Les vieilles légendes amérindiennes parlent de la prophétie des feus; où un jour des hommes de toutes les couleurs s’uniront pour créer une nouvelle société…et allumeraient ainsi un huitième feu , celui de la paix et du respect des cadres de vie.
Le grand Chef Seattle Bull aurait dit que le symbole de l’homme blanc reste le cadre, symbole de ce qui limite le champs d’action et dont les arêtes du temps détruisent le temps et la qualité de l’homme blanc et le rende prisonnier de ses propres valeurs…
Une nouvelle gouvernance mondiale doit voir le jour avec pour point d’ancrage central, l’environnement, cercle de vie symbole de l’unité autour duquel chaque démarche politique, sociale et culturel doit tourner.

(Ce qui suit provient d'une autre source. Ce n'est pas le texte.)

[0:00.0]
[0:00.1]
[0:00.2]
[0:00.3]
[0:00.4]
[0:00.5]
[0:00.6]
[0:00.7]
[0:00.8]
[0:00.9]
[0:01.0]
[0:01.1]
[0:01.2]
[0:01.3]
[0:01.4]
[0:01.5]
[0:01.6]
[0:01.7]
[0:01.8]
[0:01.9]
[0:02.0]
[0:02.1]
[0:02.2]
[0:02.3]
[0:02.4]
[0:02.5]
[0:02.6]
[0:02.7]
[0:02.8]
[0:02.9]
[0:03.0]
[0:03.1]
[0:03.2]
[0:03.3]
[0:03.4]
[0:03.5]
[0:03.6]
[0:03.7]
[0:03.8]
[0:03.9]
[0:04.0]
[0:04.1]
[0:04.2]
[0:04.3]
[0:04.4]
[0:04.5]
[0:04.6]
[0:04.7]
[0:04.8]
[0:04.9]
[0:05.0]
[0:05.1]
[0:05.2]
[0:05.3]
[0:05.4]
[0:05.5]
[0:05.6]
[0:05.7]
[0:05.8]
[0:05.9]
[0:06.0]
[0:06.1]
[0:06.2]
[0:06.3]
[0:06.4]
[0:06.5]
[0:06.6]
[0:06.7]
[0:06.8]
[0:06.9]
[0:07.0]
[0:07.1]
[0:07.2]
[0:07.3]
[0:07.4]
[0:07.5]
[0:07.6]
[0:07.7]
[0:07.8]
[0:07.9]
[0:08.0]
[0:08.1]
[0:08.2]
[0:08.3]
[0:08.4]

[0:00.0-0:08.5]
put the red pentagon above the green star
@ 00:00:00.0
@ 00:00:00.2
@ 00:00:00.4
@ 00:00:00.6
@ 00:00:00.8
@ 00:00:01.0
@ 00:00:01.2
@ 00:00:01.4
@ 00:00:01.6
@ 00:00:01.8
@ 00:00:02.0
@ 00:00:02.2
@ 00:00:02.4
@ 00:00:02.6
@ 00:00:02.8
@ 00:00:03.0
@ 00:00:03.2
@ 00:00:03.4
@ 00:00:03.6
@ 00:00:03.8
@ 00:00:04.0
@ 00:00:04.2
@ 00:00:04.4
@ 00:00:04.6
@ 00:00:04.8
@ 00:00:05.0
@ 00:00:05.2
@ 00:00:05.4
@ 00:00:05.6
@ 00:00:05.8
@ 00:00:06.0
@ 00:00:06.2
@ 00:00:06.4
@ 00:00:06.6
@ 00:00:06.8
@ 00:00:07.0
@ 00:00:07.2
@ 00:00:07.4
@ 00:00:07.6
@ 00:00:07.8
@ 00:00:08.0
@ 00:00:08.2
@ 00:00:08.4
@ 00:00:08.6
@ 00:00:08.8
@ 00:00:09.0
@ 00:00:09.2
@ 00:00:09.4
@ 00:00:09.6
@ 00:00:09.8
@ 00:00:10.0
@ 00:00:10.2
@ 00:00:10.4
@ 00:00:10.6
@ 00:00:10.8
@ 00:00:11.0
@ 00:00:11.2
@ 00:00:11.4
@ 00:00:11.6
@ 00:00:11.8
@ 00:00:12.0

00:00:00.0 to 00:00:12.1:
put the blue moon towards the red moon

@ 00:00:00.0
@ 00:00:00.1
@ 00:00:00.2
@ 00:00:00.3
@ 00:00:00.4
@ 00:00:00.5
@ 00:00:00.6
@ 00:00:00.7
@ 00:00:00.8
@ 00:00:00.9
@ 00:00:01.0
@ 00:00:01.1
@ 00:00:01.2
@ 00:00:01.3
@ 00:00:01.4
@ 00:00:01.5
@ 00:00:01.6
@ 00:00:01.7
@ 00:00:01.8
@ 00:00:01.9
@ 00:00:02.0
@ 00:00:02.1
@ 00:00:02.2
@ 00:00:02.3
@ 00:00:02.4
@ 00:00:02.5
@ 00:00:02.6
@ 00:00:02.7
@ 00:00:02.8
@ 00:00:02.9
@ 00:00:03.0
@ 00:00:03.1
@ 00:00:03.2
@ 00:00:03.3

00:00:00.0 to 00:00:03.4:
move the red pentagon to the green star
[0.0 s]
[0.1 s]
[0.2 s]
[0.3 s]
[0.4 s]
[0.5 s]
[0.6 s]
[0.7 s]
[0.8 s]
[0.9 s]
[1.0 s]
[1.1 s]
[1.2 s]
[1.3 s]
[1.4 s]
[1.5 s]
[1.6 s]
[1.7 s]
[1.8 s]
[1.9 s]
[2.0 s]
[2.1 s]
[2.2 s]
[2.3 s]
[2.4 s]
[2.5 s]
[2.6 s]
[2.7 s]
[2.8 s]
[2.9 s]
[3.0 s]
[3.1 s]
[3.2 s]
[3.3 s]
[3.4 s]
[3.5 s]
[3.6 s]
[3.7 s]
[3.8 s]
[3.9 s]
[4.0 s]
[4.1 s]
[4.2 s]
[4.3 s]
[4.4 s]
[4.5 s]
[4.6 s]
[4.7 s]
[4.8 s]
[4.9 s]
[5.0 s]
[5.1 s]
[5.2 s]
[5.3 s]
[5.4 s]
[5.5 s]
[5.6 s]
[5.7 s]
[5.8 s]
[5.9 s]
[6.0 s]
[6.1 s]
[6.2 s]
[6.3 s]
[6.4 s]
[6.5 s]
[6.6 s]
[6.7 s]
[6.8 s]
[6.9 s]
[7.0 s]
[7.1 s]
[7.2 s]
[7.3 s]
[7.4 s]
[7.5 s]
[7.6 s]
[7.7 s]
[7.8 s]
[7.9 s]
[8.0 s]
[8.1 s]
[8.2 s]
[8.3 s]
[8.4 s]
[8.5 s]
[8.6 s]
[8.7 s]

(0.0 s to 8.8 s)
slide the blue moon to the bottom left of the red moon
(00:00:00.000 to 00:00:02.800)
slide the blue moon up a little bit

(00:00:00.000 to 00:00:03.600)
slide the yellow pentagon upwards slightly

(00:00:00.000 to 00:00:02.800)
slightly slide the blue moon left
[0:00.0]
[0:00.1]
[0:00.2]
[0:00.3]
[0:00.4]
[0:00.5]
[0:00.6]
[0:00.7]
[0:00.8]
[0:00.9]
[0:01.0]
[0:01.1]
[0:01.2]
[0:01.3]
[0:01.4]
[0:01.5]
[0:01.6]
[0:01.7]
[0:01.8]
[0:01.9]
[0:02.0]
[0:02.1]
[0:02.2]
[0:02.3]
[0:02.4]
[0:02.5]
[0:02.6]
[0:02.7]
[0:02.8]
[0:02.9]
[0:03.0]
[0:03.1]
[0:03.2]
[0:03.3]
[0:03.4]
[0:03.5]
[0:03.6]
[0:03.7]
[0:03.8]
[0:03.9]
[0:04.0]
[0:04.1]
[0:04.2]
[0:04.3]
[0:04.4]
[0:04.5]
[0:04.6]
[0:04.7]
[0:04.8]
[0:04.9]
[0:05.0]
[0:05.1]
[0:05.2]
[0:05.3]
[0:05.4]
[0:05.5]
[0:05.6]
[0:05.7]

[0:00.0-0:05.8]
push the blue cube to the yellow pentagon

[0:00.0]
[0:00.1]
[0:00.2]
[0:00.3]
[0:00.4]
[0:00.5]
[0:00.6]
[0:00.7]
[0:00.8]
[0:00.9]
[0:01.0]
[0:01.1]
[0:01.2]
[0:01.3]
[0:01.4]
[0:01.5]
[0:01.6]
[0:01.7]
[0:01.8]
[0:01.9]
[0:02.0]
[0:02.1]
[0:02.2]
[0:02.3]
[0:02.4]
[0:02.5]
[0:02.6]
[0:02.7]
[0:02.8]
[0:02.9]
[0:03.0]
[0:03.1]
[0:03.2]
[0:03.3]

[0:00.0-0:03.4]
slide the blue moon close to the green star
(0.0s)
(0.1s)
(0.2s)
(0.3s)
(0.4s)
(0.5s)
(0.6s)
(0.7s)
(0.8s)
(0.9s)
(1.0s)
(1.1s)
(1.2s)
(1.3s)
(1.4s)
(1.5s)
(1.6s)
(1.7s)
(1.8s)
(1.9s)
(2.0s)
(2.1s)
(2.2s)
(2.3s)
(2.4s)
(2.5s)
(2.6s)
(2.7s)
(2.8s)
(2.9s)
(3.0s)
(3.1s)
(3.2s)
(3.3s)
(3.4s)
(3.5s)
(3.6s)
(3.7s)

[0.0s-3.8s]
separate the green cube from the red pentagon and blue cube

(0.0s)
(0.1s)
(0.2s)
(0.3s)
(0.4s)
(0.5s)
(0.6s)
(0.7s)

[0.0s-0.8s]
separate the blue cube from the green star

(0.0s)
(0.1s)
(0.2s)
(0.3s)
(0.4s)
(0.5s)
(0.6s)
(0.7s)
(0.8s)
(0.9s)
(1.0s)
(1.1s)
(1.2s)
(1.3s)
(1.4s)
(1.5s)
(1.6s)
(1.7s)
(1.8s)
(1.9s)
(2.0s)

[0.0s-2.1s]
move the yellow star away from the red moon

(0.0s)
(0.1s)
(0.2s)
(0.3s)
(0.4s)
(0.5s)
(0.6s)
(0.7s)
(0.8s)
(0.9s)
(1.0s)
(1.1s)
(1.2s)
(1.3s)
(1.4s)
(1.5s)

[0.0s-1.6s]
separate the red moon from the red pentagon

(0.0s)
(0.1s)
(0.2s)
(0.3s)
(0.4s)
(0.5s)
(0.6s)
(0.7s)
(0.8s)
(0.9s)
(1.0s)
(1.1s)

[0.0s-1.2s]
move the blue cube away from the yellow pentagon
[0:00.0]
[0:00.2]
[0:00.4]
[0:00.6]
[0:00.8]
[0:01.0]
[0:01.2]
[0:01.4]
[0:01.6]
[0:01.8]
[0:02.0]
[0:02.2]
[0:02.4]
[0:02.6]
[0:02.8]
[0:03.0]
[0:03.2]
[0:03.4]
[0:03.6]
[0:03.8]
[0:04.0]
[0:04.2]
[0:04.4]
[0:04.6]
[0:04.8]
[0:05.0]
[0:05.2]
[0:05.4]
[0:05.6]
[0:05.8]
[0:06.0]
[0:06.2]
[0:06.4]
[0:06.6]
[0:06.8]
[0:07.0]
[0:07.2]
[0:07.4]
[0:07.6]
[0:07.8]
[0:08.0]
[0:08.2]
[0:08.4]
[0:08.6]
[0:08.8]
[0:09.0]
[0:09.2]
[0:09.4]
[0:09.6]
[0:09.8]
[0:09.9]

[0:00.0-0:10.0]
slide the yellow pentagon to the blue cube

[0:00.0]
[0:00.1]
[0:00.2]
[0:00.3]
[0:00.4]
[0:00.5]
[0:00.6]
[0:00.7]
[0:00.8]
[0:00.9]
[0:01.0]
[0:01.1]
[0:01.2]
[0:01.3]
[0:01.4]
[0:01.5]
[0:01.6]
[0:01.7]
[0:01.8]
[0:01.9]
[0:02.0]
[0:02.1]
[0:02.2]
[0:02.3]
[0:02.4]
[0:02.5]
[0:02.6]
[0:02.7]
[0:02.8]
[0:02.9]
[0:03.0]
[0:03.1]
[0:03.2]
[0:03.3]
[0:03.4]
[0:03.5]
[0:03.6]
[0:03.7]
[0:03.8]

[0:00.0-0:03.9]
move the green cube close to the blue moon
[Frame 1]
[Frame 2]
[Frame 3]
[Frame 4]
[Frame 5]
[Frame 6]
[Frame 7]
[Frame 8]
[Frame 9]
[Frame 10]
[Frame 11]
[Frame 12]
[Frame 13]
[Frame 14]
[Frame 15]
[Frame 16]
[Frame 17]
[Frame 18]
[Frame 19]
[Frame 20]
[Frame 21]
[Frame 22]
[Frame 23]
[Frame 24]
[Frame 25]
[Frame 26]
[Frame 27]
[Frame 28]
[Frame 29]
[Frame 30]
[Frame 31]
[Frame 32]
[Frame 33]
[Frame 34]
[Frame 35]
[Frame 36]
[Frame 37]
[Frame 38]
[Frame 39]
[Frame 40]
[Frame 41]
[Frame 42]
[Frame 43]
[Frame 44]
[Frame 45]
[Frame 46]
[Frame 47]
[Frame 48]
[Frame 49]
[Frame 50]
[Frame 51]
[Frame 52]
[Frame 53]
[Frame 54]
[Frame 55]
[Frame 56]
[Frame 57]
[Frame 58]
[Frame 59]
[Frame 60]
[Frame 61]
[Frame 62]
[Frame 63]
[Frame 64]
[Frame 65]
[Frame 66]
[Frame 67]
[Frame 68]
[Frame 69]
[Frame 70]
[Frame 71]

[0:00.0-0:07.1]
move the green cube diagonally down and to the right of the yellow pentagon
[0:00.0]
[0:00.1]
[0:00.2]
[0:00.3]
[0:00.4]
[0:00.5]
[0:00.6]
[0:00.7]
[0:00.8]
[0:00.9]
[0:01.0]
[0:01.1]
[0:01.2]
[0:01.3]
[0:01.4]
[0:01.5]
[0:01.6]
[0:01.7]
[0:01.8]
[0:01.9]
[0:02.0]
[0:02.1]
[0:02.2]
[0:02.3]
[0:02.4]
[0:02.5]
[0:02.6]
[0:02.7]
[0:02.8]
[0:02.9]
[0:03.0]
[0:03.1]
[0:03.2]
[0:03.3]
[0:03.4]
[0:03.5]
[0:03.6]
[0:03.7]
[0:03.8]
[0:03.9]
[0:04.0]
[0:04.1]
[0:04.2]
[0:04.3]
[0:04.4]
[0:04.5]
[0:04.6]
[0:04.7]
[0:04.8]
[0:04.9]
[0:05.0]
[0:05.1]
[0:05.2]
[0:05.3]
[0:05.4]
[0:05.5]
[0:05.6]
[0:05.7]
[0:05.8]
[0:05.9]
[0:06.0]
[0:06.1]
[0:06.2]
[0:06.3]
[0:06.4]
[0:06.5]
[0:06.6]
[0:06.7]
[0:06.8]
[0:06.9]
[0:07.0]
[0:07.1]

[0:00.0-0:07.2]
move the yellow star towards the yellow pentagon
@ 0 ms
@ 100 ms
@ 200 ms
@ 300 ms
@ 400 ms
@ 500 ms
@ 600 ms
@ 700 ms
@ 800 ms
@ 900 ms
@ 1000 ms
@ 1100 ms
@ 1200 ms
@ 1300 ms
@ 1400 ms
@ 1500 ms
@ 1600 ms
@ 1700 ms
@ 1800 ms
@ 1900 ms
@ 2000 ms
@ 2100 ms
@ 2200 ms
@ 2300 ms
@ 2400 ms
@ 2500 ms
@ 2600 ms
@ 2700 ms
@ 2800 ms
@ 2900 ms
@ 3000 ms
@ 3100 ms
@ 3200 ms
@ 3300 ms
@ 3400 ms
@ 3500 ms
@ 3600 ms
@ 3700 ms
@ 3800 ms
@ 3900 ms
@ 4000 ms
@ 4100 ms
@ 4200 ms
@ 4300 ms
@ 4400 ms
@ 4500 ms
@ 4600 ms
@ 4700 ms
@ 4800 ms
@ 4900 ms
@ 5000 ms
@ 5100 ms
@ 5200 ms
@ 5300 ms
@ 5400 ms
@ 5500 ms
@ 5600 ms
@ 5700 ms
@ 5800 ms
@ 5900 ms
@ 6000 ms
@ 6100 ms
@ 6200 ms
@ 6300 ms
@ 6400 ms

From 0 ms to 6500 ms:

Une résistance par l’éducation , le respect aux autres et l’abandon des démarches hasardeuses et dangereuses sur les marchés va se mettre en place mais face à cette nouvelle peur , de nouveaux gardes -fous doivent se mettre en place pour que le basculement vers une nouvelle société éco-mixte basée sur des échanges économiques harmonieux se passe en douceur.
Plus de 70 ans aprés Jean Moulin doivent resurgir les concepts de prudence et de patience mais aussi de perséverance. A nous de former les enfants d’aujourd’hui à devenir ces hommes et femmes éco-nationaux de demain.